EXERCISE DESCRIPTION:
Line by line, retype the material exactly and leave each picture out.

[Start of Attachment]

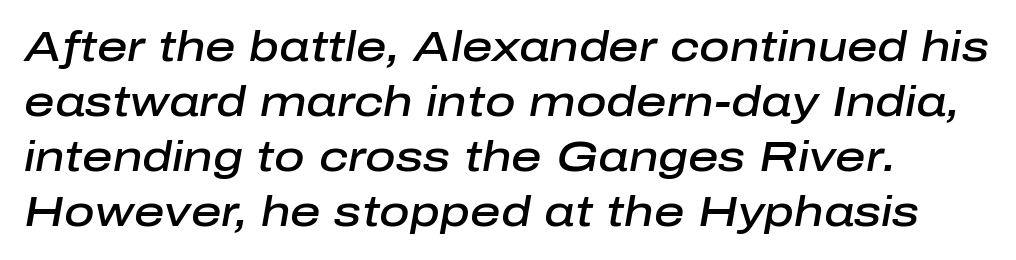
{"italic": "yes", "lean": "right", "slant_degrees": 10, "bold": "semi", "weight": "semibold", "width": "normal", "stroke_contrast": "low", "x_height": "medium", "monospaced": "no", "underline": "no", "line_spacing": "normal", "line_spacing_ratio": 1.31, "letter_spacing": "normal", "letter_spacing_em": 0.0, "glyph_px": 42}
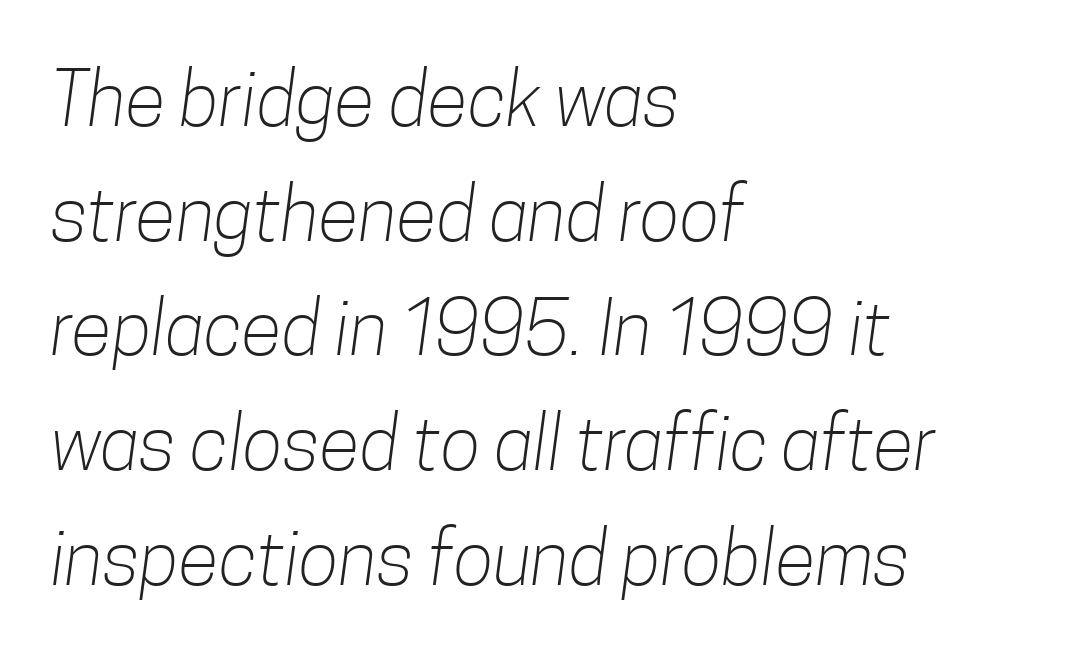
Q: Is the text bold? A: No.
Q: Is the typeface a serif or a sans-serif typeface? A: Sans-serif.
Q: Is the text underlined? A: No.
Q: How is the paragraph aligned? A: Left-aligned.
Q: Is the spacing between letters normal or unusually wide? A: Normal.
Q: Is the spacing between lines tight, normal or loose? A: Normal.
Q: Width (condensed, normal, or wide)? A: Condensed.
Q: Stroke contrast? A: Low.
Q: x-height? A: Medium.
Q: Monospaced? A: No.
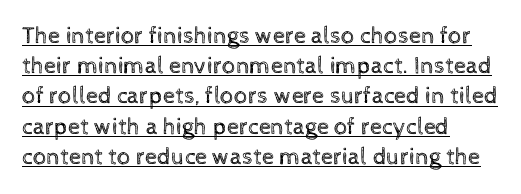
Q: Is the text bold? A: No.
Q: Is the text italic (slanted)? A: No, it is upright.
Q: Is the text underlined? A: Yes.
Q: How is the paragraph aligned? A: Left-aligned.
Q: Is the spacing between letters normal or unusually wide? A: Normal.
Q: Is the spacing between lines tight, normal or loose? A: Normal.
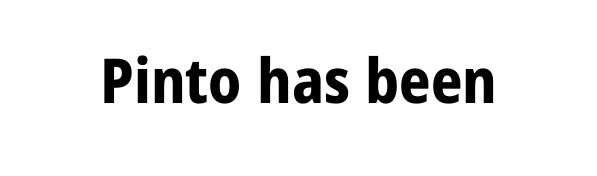
The glyphs are unaccompanied by any horizontal stroke below them. You'd pick this weight for a headline — it's a proper bold. The rendering keeps characters at their native spacing. Note: no serifs on the glyphs. Tall strokes in this sample are plumb rather than angled. This sample has the flowing, uneven cadence of proportional lettering.
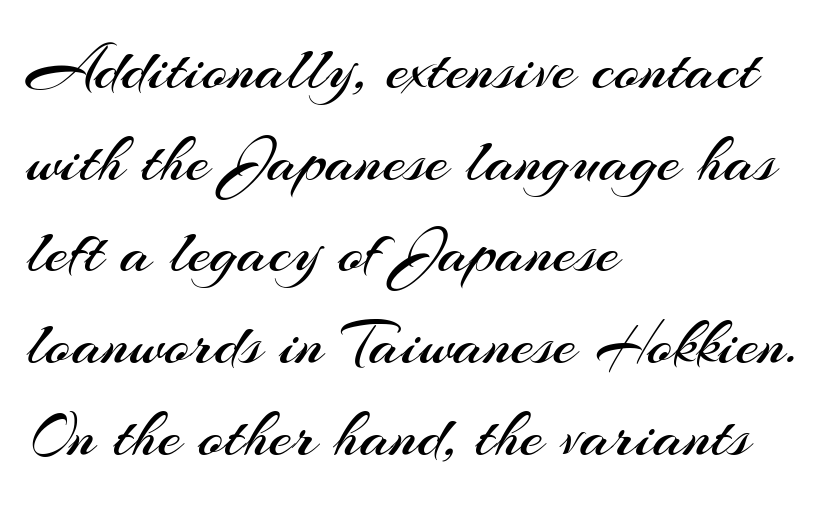
The image shows 66 px regular-weight sans-serif type; set left-aligned, normal line spacing (1.39x), normal letter spacing, not underlined; medium stroke contrast and a small x-height.
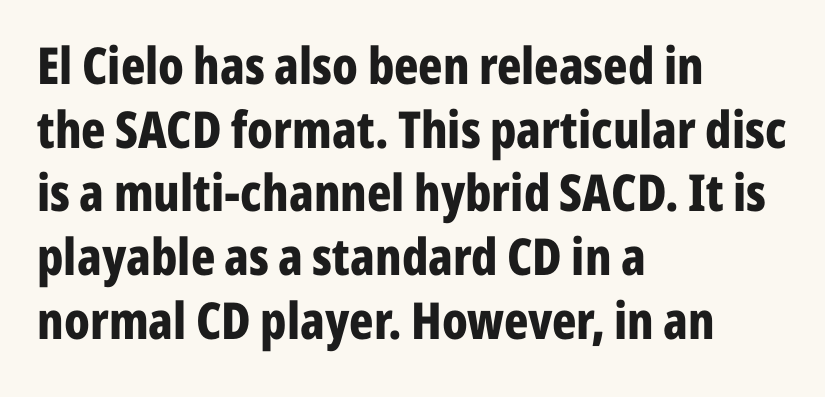
Q: Is the text bold? A: Yes.
Q: Is the text italic (slanted)? A: No, it is upright.
Q: Is the typeface a serif or a sans-serif typeface? A: Sans-serif.
Q: Is the text underlined? A: No.
Q: How is the paragraph aligned? A: Left-aligned.
Q: Is the spacing between letters normal or unusually wide? A: Normal.
Q: Is the spacing between lines tight, normal or loose? A: Normal.
Q: Width (condensed, normal, or wide)? A: Condensed.
Q: Stroke contrast? A: Low.
Q: x-height? A: Medium.
Q: Monospaced? A: No.
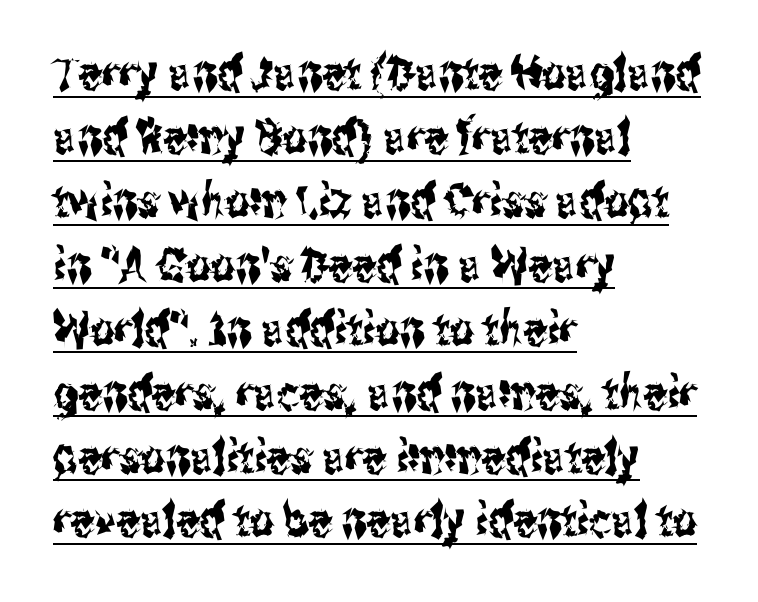
The image shows 47 px condensed sans-serif type, upright; set left-aligned, normal line spacing (1.36x), normal letter spacing, underlined; medium stroke contrast and a medium x-height.
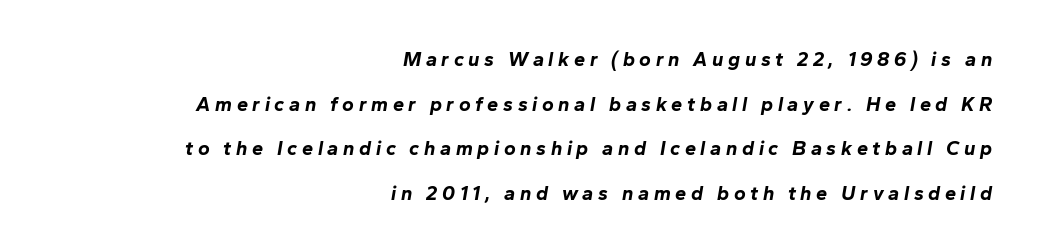
{"italic": "yes", "lean": "right", "slant_degrees": 10, "bold": "yes", "underline": "no", "align": "right", "line_spacing": "loose", "line_spacing_ratio": 2.23, "letter_spacing": "wide", "letter_spacing_em": 0.23, "glyph_px": 20}
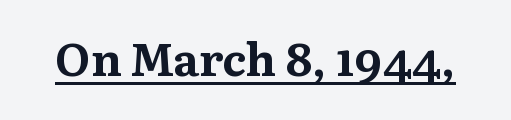
In designer terms, the underline attribute is active on this setting. A typesetter would call this proportional, since set widths differ per character. Typesetter's note: full bold, strokes at maximum text heaviness. The rendering keeps characters at their native spacing. Serifs: yes, visible at the terminals of the letterforms. If you drew a line through each stem, it would be perfectly vertical.
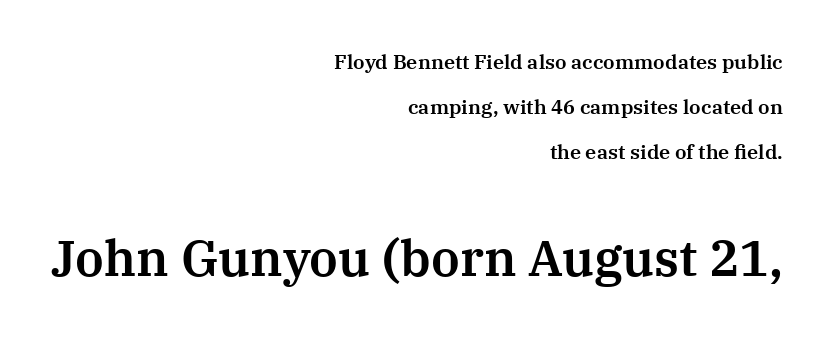
The letterforms sit shoulder to shoulder at normal distance. This rendering features lettering with no underline. The lines are spread far apart with generous leading. Top chunk: small. Bottom chunk: large. Here the designer chose a conventional face with non-uniform glyph widths. When letters stand straight like this, we call the style roman or upright.
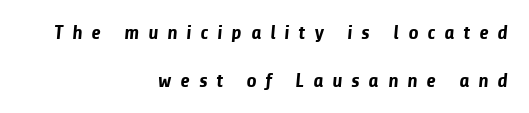
Q: Is the text bold? A: Yes.
Q: Is the text underlined? A: No.
Q: How is the paragraph aligned? A: Right-aligned.
Q: Is the spacing between letters normal or unusually wide? A: Unusually wide.
Q: Is the spacing between lines tight, normal or loose? A: Loose.
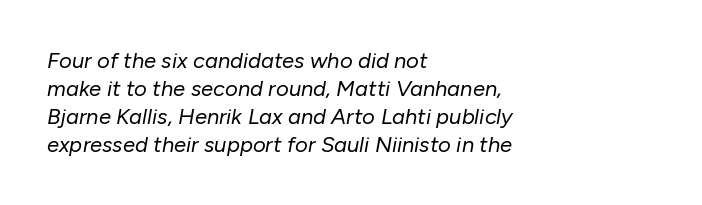
The image shows 22 px text type, italic (leaning right); set left-aligned, normal line spacing (1.27x), normal letter spacing, not underlined.
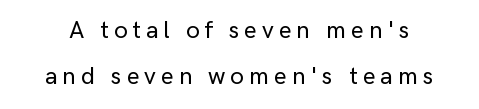
{"italic": "no", "underline": "no", "line_spacing": "loose", "line_spacing_ratio": 1.93, "letter_spacing": "wide", "letter_spacing_em": 0.21, "glyph_px": 24}
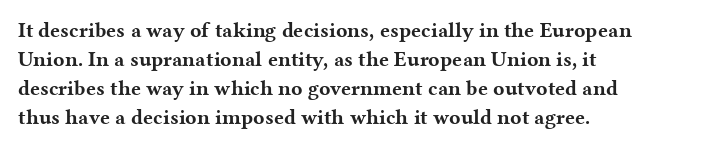
{"italic": "no", "bold": "yes", "underline": "no", "align": "left", "line_spacing": "normal", "line_spacing_ratio": 1.38, "letter_spacing": "normal", "letter_spacing_em": 0.0, "glyph_px": 21}
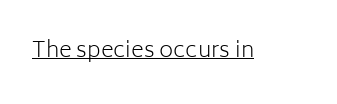
Q: Is the text bold? A: No.
Q: Is the text italic (slanted)? A: No, it is upright.
Q: Is the text underlined? A: Yes.
Q: Is the spacing between letters normal or unusually wide? A: Normal.

[End of Attachment]

RESPONSE:
{"italic": "yes", "lean": "right", "slant_degrees": 10, "bold": "semi", "weight": "semibold", "width": "normal", "stroke_contrast": "low", "x_height": "medium", "monospaced": "no", "underline": "no", "line_spacing": "normal", "line_spacing_ratio": 1.31, "letter_spacing": "normal", "letter_spacing_em": 0.0, "glyph_px": 42}
Q: Is the text bold? A: No.
Q: Is the typeface a serif or a sans-serif typeface? A: Sans-serif.
Q: Is the text underlined? A: No.
Q: How is the paragraph aligned? A: Left-aligned.
Q: Is the spacing between letters normal or unusually wide? A: Normal.
Q: Is the spacing between lines tight, normal or loose? A: Normal.
Q: Width (condensed, normal, or wide)? A: Condensed.
Q: Stroke contrast? A: Low.
Q: x-height? A: Medium.
Q: Monospaced? A: No.
Q: Is the text bold? A: No.
Q: Is the text italic (slanted)? A: No, it is upright.
Q: Is the text underlined? A: Yes.
Q: How is the paragraph aligned? A: Left-aligned.
Q: Is the spacing between letters normal or unusually wide? A: Normal.
Q: Is the spacing between lines tight, normal or loose? A: Normal.
The glyphs are unaccompanied by any horizontal stroke below them. You'd pick this weight for a headline — it's a proper bold. The rendering keeps characters at their native spacing. Note: no serifs on the glyphs. Tall strokes in this sample are plumb rather than angled. This sample has the flowing, uneven cadence of proportional lettering.
The image shows 66 px regular-weight sans-serif type; set left-aligned, normal line spacing (1.39x), normal letter spacing, not underlined; medium stroke contrast and a small x-height.
Q: Is the text bold? A: Yes.
Q: Is the text italic (slanted)? A: No, it is upright.
Q: Is the typeface a serif or a sans-serif typeface? A: Sans-serif.
Q: Is the text underlined? A: No.
Q: How is the paragraph aligned? A: Left-aligned.
Q: Is the spacing between letters normal or unusually wide? A: Normal.
Q: Is the spacing between lines tight, normal or loose? A: Normal.
Q: Width (condensed, normal, or wide)? A: Condensed.
Q: Stroke contrast? A: Low.
Q: x-height? A: Medium.
Q: Monospaced? A: No.
The image shows 47 px condensed sans-serif type, upright; set left-aligned, normal line spacing (1.36x), normal letter spacing, underlined; medium stroke contrast and a medium x-height.
{"italic": "yes", "lean": "right", "slant_degrees": 10, "bold": "yes", "underline": "no", "align": "right", "line_spacing": "loose", "line_spacing_ratio": 2.23, "letter_spacing": "wide", "letter_spacing_em": 0.23, "glyph_px": 20}
In designer terms, the underline attribute is active on this setting. A typesetter would call this proportional, since set widths differ per character. Typesetter's note: full bold, strokes at maximum text heaviness. The rendering keeps characters at their native spacing. Serifs: yes, visible at the terminals of the letterforms. If you drew a line through each stem, it would be perfectly vertical.
The letterforms sit shoulder to shoulder at normal distance. This rendering features lettering with no underline. The lines are spread far apart with generous leading. Top chunk: small. Bottom chunk: large. Here the designer chose a conventional face with non-uniform glyph widths. When letters stand straight like this, we call the style roman or upright.
Q: Is the text bold? A: Yes.
Q: Is the text underlined? A: No.
Q: How is the paragraph aligned? A: Right-aligned.
Q: Is the spacing between letters normal or unusually wide? A: Unusually wide.
Q: Is the spacing between lines tight, normal or loose? A: Loose.
The image shows 22 px text type, italic (leaning right); set left-aligned, normal line spacing (1.27x), normal letter spacing, not underlined.
{"italic": "no", "underline": "no", "line_spacing": "loose", "line_spacing_ratio": 1.93, "letter_spacing": "wide", "letter_spacing_em": 0.21, "glyph_px": 24}
{"italic": "no", "bold": "yes", "underline": "no", "align": "left", "line_spacing": "normal", "line_spacing_ratio": 1.38, "letter_spacing": "normal", "letter_spacing_em": 0.0, "glyph_px": 21}
Q: Is the text bold? A: No.
Q: Is the text italic (slanted)? A: No, it is upright.
Q: Is the text underlined? A: Yes.
Q: Is the spacing between letters normal or unusually wide? A: Normal.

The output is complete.